> REQUIRED WORK:
Go through the entries below and collect each line with the string "outdoors" in it.

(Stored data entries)
----------------

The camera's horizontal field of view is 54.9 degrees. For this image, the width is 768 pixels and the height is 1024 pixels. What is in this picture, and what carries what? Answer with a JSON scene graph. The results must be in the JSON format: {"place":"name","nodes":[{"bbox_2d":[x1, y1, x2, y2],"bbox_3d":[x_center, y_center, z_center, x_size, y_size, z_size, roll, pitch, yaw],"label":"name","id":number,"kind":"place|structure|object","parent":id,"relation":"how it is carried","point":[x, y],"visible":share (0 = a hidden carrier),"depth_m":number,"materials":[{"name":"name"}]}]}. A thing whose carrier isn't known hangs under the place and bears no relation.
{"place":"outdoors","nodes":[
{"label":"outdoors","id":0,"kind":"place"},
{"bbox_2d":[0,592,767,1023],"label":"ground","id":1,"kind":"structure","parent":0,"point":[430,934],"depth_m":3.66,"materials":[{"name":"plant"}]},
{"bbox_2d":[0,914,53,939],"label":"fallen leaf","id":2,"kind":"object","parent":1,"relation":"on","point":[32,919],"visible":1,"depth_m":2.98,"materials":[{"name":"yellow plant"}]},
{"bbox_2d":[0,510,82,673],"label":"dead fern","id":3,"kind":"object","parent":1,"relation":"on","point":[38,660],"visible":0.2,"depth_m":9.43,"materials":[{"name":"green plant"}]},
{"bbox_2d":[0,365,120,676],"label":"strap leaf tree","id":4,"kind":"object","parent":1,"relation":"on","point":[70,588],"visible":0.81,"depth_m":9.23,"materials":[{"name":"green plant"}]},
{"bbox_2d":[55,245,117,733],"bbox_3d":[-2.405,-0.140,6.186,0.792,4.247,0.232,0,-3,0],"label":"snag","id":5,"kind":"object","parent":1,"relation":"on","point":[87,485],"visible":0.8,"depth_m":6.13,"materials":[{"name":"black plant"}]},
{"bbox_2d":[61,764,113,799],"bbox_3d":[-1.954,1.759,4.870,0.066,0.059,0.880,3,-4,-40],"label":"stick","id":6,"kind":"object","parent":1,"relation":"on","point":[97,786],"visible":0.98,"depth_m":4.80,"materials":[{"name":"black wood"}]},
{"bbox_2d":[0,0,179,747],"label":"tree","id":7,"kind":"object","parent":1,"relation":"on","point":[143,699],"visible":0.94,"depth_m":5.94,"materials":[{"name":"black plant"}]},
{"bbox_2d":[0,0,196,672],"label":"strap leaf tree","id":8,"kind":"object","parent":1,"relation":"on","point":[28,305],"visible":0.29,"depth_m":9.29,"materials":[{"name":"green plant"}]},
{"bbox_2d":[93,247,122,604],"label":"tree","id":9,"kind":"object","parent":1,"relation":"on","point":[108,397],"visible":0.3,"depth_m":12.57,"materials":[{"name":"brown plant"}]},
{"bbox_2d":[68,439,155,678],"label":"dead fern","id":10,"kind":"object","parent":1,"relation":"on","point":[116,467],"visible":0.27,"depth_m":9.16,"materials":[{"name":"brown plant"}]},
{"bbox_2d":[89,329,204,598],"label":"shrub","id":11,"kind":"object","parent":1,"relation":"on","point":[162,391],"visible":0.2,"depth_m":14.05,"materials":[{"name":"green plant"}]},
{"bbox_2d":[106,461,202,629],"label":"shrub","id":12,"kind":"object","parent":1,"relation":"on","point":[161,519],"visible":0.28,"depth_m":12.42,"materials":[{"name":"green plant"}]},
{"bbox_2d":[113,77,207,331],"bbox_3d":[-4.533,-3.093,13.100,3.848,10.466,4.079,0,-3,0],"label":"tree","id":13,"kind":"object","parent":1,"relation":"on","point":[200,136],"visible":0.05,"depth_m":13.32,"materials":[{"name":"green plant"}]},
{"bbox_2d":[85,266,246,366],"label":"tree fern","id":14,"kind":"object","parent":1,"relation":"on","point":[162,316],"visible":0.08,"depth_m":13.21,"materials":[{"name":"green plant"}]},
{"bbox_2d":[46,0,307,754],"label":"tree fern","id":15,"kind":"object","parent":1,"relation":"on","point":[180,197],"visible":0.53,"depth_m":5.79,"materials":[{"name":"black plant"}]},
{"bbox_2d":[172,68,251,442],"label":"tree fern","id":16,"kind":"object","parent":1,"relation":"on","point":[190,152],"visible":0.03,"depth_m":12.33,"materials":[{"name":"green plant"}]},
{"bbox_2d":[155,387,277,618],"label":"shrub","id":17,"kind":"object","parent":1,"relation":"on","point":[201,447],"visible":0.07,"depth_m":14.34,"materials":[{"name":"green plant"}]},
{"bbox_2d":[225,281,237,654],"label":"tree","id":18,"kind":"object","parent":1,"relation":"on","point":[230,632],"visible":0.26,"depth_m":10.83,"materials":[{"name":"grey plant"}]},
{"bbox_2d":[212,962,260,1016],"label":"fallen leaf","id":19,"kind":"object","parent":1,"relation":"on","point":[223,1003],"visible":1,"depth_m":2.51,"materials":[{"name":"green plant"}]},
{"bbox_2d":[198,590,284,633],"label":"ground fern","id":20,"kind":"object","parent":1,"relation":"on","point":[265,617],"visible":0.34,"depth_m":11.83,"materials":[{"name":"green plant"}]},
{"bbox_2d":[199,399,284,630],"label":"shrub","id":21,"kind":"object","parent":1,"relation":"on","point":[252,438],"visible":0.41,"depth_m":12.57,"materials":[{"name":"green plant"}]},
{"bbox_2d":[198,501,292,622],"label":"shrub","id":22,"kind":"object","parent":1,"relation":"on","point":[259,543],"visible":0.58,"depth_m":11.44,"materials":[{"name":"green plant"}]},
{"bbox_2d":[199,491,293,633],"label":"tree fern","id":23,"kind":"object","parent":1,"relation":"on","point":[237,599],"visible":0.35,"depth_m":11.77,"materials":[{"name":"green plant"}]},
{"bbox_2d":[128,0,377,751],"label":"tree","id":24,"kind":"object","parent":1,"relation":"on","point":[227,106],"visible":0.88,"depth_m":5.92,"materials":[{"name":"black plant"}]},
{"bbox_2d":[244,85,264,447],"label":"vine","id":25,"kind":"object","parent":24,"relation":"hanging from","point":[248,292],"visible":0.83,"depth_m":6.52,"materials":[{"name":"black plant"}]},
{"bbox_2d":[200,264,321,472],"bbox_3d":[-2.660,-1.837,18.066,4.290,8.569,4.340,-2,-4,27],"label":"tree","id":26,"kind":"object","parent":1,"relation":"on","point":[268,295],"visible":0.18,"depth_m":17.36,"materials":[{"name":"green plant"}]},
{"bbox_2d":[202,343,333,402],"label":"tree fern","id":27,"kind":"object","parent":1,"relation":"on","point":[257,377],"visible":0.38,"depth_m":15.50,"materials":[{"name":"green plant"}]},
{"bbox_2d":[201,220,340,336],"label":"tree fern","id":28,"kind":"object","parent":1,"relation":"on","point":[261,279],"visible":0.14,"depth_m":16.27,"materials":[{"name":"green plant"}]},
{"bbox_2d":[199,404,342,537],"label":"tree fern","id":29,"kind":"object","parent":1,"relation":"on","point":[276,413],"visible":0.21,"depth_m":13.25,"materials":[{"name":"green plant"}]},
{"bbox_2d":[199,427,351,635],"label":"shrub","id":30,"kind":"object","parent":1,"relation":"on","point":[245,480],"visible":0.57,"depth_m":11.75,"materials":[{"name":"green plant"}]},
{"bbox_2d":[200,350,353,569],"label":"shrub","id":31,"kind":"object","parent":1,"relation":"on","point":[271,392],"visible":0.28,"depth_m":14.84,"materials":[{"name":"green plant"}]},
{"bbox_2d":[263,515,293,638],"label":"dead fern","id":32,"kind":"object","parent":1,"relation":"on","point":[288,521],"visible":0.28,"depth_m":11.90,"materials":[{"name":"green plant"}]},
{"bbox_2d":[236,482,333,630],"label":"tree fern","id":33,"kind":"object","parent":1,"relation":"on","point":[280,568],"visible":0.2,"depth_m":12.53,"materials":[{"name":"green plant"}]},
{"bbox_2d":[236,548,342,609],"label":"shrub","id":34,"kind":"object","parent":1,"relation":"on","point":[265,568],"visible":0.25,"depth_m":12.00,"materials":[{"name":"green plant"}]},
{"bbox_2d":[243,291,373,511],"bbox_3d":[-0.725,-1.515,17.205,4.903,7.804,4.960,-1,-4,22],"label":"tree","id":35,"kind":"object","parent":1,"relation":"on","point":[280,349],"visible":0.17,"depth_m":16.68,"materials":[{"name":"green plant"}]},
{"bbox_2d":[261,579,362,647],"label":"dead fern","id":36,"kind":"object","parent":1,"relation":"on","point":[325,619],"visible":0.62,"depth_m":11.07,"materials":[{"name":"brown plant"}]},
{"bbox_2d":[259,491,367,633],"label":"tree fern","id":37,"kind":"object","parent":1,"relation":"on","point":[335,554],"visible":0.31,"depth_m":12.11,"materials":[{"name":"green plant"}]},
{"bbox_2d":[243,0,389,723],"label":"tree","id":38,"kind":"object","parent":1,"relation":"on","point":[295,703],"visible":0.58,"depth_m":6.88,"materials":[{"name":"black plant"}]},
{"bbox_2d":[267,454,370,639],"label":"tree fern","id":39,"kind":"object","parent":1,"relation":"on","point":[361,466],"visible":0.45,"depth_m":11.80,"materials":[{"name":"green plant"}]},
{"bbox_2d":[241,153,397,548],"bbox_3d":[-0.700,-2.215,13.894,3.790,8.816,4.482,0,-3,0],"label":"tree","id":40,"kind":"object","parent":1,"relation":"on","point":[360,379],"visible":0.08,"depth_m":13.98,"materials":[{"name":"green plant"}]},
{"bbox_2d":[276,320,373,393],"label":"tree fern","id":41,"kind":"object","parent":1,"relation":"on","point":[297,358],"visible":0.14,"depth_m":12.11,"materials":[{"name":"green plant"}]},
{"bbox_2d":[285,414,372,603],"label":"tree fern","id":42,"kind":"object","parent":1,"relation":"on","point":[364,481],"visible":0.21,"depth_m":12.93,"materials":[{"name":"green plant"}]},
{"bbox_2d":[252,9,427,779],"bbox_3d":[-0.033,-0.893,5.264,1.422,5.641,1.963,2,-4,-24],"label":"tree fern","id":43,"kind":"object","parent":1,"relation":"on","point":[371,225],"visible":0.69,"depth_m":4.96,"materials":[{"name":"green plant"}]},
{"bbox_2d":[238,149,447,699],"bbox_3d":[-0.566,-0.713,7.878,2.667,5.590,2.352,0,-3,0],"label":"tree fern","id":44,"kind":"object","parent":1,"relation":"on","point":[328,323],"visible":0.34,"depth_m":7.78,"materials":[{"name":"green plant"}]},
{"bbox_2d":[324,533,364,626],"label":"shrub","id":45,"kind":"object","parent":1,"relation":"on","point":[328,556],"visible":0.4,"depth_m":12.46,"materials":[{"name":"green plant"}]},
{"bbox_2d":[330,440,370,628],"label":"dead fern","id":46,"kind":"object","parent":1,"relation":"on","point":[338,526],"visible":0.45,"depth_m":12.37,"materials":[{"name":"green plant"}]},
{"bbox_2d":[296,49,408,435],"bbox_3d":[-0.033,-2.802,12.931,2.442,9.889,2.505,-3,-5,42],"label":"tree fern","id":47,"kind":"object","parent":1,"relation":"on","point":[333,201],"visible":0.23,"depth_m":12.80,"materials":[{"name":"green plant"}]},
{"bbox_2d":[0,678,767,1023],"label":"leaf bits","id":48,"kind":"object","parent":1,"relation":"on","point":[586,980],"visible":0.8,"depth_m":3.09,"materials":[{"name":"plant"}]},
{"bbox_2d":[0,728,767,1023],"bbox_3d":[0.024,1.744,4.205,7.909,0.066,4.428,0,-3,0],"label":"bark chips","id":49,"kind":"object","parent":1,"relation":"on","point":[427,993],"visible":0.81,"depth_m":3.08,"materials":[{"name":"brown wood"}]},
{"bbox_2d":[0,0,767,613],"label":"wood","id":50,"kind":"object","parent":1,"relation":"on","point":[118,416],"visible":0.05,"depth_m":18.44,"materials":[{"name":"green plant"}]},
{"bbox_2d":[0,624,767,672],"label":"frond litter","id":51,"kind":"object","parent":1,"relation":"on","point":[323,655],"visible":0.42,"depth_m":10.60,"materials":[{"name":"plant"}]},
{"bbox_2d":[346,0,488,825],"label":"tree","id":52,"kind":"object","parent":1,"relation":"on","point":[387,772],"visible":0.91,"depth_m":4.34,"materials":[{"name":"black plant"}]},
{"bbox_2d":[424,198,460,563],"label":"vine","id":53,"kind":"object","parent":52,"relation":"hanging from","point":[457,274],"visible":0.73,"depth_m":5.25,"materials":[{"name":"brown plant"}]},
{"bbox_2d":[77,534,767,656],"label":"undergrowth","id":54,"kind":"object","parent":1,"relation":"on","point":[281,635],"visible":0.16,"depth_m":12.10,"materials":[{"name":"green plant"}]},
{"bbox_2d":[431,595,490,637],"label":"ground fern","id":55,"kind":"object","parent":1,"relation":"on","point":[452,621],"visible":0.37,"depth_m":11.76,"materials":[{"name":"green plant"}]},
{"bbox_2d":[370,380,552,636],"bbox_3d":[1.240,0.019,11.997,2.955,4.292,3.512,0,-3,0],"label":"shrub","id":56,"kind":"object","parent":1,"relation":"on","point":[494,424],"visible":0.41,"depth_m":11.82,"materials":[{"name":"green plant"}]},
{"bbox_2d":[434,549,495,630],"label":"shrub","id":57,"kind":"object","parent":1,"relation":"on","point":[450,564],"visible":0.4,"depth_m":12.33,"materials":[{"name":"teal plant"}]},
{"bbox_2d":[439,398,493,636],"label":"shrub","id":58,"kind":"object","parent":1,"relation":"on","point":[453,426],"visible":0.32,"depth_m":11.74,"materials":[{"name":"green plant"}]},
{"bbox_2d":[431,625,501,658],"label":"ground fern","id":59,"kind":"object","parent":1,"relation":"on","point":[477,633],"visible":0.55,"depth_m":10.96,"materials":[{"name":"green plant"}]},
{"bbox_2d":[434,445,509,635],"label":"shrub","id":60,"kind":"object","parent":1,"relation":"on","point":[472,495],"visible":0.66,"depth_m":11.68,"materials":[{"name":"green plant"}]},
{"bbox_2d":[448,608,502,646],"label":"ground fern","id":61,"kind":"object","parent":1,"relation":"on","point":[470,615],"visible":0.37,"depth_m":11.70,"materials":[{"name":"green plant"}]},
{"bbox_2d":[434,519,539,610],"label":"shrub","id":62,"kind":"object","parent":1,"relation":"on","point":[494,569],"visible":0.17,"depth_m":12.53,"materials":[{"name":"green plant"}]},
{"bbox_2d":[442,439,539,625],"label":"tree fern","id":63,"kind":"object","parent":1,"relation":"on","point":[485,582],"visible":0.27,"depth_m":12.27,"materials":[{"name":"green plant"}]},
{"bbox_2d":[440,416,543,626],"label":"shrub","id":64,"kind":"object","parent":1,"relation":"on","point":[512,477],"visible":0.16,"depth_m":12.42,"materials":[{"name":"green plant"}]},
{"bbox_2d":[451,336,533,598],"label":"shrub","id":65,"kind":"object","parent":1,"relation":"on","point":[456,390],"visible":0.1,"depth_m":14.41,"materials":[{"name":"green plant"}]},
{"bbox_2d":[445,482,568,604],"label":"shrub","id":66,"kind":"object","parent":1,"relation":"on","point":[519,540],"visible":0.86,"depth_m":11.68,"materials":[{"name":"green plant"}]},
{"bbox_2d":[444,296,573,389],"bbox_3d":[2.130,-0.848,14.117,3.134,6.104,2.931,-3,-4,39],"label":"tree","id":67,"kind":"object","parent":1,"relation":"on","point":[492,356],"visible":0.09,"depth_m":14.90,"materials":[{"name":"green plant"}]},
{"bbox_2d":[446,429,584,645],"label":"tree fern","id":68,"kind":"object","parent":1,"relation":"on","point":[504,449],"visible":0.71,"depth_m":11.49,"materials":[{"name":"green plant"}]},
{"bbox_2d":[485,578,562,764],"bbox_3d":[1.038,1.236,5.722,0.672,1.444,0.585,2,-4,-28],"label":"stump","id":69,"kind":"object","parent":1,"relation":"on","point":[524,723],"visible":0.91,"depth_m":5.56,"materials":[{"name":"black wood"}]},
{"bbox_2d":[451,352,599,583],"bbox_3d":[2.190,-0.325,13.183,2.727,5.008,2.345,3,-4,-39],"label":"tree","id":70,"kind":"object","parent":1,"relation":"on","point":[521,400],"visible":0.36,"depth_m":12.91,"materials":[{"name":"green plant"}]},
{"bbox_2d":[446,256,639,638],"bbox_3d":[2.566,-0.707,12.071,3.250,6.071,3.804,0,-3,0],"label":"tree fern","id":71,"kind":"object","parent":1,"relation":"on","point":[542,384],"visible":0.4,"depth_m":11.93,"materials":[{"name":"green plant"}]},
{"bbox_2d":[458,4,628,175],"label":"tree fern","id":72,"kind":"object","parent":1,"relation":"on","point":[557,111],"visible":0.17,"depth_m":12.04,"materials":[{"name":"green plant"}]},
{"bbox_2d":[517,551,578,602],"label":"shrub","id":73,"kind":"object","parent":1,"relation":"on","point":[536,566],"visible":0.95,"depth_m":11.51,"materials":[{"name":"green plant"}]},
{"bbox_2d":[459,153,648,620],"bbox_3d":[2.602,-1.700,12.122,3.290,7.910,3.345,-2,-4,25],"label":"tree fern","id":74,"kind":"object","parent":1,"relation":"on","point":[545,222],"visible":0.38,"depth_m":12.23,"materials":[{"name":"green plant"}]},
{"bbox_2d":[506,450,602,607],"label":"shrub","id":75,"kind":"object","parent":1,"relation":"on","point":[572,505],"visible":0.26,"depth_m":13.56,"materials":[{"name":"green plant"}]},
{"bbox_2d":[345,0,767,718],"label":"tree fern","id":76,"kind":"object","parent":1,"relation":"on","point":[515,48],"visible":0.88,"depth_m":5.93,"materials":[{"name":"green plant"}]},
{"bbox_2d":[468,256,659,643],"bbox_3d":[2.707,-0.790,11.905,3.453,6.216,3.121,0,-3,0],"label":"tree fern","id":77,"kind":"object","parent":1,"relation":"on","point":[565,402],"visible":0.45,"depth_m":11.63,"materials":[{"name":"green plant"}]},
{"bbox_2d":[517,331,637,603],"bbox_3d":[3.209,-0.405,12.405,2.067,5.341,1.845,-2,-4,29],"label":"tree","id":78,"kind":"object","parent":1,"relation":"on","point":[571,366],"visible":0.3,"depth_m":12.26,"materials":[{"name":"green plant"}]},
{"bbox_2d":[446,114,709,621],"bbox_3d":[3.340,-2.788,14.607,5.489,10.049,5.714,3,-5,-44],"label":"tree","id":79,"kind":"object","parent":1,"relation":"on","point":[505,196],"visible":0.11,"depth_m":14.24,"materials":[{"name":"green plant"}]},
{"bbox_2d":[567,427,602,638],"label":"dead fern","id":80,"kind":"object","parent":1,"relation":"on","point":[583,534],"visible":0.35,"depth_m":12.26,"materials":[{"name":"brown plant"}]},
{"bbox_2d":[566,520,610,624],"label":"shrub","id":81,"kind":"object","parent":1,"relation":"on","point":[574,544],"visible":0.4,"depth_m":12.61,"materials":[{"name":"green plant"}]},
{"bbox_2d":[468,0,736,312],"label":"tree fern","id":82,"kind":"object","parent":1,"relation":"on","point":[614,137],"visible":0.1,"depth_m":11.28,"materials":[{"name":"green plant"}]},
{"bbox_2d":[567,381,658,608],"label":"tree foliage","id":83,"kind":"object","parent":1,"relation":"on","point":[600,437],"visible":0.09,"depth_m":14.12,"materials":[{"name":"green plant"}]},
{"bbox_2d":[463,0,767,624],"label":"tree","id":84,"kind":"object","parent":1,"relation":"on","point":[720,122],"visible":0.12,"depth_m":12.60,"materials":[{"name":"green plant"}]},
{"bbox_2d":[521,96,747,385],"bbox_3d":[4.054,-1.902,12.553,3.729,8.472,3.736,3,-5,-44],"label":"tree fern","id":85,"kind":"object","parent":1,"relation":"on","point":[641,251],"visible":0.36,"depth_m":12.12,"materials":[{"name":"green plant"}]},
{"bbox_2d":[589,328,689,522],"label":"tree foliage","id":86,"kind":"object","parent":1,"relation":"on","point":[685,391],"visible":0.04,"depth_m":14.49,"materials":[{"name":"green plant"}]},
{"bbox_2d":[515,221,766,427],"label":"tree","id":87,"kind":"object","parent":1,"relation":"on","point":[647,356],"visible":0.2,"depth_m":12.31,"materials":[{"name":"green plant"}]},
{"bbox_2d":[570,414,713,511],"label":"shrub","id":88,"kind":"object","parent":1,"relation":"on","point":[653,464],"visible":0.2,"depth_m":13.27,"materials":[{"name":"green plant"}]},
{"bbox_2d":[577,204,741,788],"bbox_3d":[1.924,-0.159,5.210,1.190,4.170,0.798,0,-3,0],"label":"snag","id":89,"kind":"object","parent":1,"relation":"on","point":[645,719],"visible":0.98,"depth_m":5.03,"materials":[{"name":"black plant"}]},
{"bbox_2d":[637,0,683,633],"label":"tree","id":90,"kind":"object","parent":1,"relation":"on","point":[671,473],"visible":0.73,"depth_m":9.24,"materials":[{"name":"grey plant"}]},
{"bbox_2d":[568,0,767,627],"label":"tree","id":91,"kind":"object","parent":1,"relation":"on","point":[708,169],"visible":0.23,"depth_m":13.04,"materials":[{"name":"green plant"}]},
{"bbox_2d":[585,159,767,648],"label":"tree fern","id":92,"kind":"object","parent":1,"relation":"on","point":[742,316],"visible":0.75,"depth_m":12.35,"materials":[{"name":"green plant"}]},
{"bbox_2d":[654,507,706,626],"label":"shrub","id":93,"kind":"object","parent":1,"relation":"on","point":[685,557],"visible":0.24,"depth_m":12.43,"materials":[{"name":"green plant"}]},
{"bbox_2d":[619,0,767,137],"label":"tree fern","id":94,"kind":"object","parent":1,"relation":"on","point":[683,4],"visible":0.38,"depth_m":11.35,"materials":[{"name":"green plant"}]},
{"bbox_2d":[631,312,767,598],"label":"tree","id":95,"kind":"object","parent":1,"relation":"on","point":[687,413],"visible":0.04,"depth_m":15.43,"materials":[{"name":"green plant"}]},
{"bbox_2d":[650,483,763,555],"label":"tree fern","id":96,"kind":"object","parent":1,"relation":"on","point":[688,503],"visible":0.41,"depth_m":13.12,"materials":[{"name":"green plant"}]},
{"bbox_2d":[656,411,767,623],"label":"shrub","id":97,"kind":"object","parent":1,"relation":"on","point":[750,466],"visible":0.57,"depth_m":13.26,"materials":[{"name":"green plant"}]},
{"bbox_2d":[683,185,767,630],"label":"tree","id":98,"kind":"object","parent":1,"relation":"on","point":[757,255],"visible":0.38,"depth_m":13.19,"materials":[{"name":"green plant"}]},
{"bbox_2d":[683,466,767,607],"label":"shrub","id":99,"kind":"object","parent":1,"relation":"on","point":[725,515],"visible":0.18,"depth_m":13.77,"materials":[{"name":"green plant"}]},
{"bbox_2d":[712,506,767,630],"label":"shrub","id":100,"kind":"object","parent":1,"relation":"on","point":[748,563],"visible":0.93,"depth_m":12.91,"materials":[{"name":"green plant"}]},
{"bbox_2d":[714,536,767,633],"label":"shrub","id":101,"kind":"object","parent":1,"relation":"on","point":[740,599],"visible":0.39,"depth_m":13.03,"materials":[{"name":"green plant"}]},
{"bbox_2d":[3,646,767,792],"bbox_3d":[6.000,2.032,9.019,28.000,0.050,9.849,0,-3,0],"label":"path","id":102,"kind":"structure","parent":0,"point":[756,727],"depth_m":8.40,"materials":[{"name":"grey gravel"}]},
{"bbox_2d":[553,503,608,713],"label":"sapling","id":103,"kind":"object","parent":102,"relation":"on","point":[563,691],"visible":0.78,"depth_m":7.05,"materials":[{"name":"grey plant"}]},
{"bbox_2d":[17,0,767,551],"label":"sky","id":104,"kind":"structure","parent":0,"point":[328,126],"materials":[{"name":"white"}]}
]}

----------------

> EXERCISE OUTPUT:
{"place":"outdoors","nodes":[
{"label":"outdoors","id":0,"kind":"place"},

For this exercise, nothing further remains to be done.